Task brief:
Your task is to transcribe the records exactly, skipping every image.

==== Dataset records ====

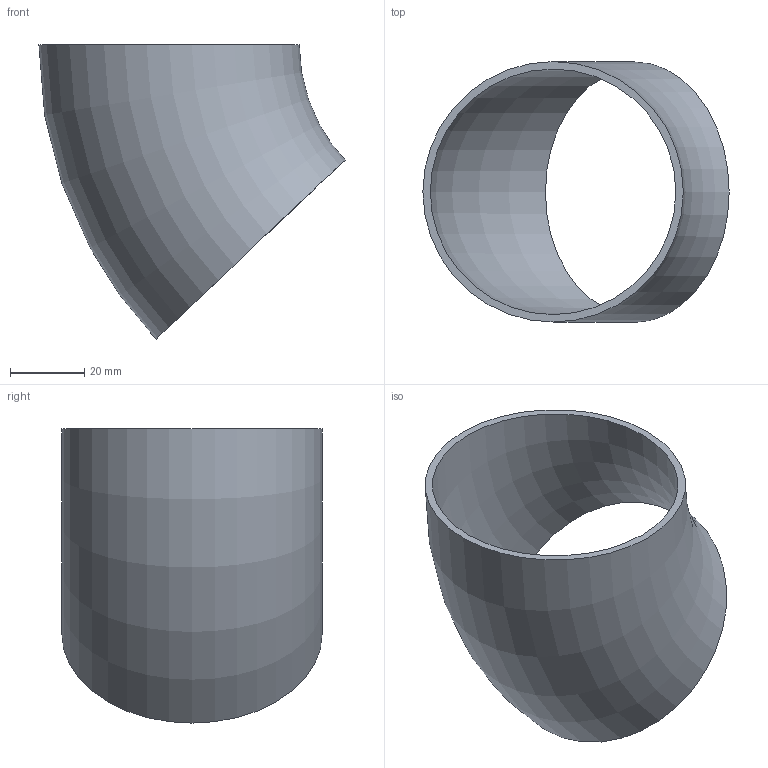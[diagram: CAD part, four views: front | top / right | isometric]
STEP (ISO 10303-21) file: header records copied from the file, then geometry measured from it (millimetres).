
FILE_DESCRIPTION((''),'2;1');
FILE_NAME('32202065X.stp','2010-08-12T15:54:05',('thilbrands'),(''),'Autodesk Inventor 2008','Autodesk Inventor 2008','');
FILE_SCHEMA(('AUTOMOTIVE_DESIGN { 1 0 10303 214 1 1 1 1 }'));
Length unit declared in the file: millimetre
Products named in the file (1): 322020101
Bounding box: 82.32 x 70 x 79.06 mm (x, y, z)
Volume: 25910.2 mm3; surface area: 26764.7 mm2
Topology: 1 solids, 1 shells, 4 faces, 6 edges, 4 vertices
Faces by surface type: torus 2, plane 2
Entity records: 114 total; most frequent: DIRECTION 18, CARTESIAN_POINT 13, AXIS2_PLACEMENT_3D 9, ORIENTED_EDGE 8, EDGE_LOOP 8, VERTEX_POINT 4, CIRCLE 4, EDGE_CURVE 4
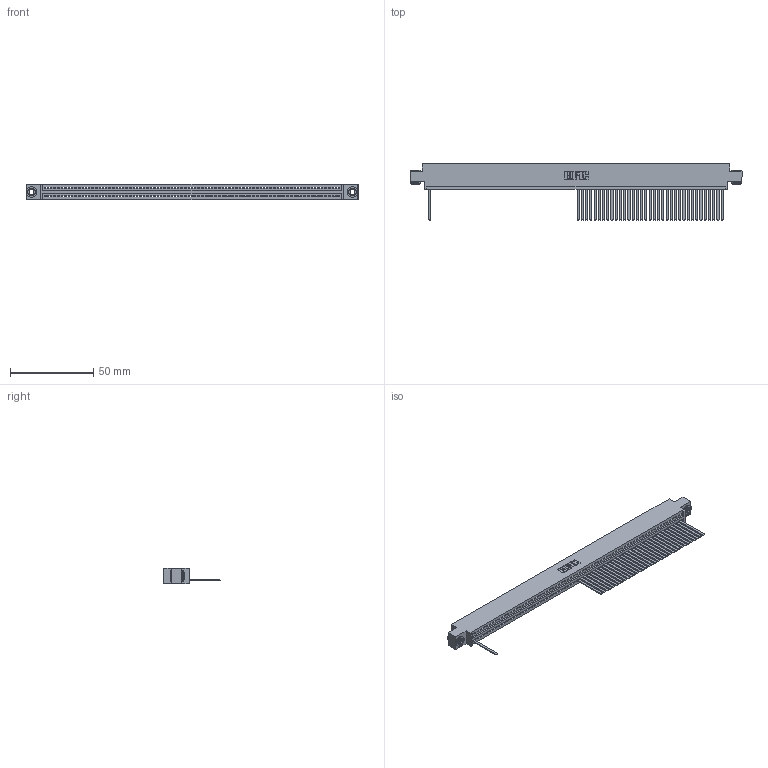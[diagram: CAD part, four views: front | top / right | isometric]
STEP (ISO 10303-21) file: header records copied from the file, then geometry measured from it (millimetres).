
FILE_DESCRIPTION (( 'STEP AP203' ), '1' );
FILE_NAME ('395-070-544-603.STEP', '2018-11-26T23:33:35', ( '' ), ( '' ), 'SwSTEP 2.0', 'SolidWorks 2016', '' );
FILE_SCHEMA (( 'CONFIG_CONTROL_DESIGN' ));
Length unit declared in the file: inch
Products named in the file (4): 395-070-544-603; 345 Part_0.170 Offset - 0.156 Dia-TH; 345-250-002_345-250-002-102; 345-292-001_345-293-144
Assembly tree (39 placements, depth 2):
  395-070-544-603
    345 Part_0.170 Offset - 0.156 Dia-TH
    345-292-001_345-293-144  x36
    345-250-002_345-250-002-102  x2
Bounding box: 199.01 x 33.96 x 9.4 mm (x, y, z)
Volume: 19065 mm3; surface area: 25241.4 mm2
Topology: 39 solids, 39 shells, 2584 faces, 7953 edges, 5250 vertices
Faces by surface type: plane 1866, cylinder 710, cone 8
Entity records: 48424 total; most frequent: ORIENTED_EDGE 8550, CARTESIAN_POINT 8519, DIRECTION 7389, EDGE_CURVE 4275, LINE 3843, VECTOR 3843, VERTEX_POINT 2846, AXIS2_PLACEMENT_3D 1773

====

Exercise answer:
[diagram: CAD part, four views: front | top / right | isometric]
STEP (ISO 10303-21) file: header records copied from the file, then geometry measured from it (millimetres).
FILE_DESCRIPTION((''),'2;1');
FILE_NAME('32202065X.stp','2010-08-12T15:54:05',('thilbrands'),(''),'Autodesk Inventor 2008','Autodesk Inventor 2008','');
FILE_SCHEMA(('AUTOMOTIVE_DESIGN { 1 0 10303 214 1 1 1 1 }'));
Length unit declared in the file: millimetre
Products named in the file (1): 322020101
Bounding box: 82.32 x 70 x 79.06 mm (x, y, z)
Volume: 25910.2 mm3; surface area: 26764.7 mm2
Topology: 1 solids, 1 shells, 4 faces, 6 edges, 4 vertices
Faces by surface type: torus 2, plane 2
Entity records: 114 total; most frequent: DIRECTION 18, CARTESIAN_POINT 13, AXIS2_PLACEMENT_3D 9, ORIENTED_EDGE 8, EDGE_LOOP 8, VERTEX_POINT 4, CIRCLE 4, EDGE_CURVE 4
[diagram: CAD part, four views: front | top / right | isometric]
STEP (ISO 10303-21) file: header records copied from the file, then geometry measured from it (millimetres).
FILE_DESCRIPTION (( 'STEP AP203' ), '1' );
FILE_NAME ('395-070-544-603.STEP', '2018-11-26T23:33:35', ( '' ), ( '' ), 'SwSTEP 2.0', 'SolidWorks 2016', '' );
FILE_SCHEMA (( 'CONFIG_CONTROL_DESIGN' ));
Length unit declared in the file: inch
Products named in the file (4): 395-070-544-603; 345 Part_0.170 Offset - 0.156 Dia-TH; 345-250-002_345-250-002-102; 345-292-001_345-293-144
Assembly tree (39 placements, depth 2):
  395-070-544-603
    345 Part_0.170 Offset - 0.156 Dia-TH
    345-292-001_345-293-144  x36
    345-250-002_345-250-002-102  x2
Bounding box: 199.01 x 33.96 x 9.4 mm (x, y, z)
Volume: 19065 mm3; surface area: 25241.4 mm2
Topology: 39 solids, 39 shells, 2584 faces, 7953 edges, 5250 vertices
Faces by surface type: plane 1866, cylinder 710, cone 8
Entity records: 48424 total; most frequent: ORIENTED_EDGE 8550, CARTESIAN_POINT 8519, DIRECTION 7389, EDGE_CURVE 4275, LINE 3843, VECTOR 3843, VERTEX_POINT 2846, AXIS2_PLACEMENT_3D 1773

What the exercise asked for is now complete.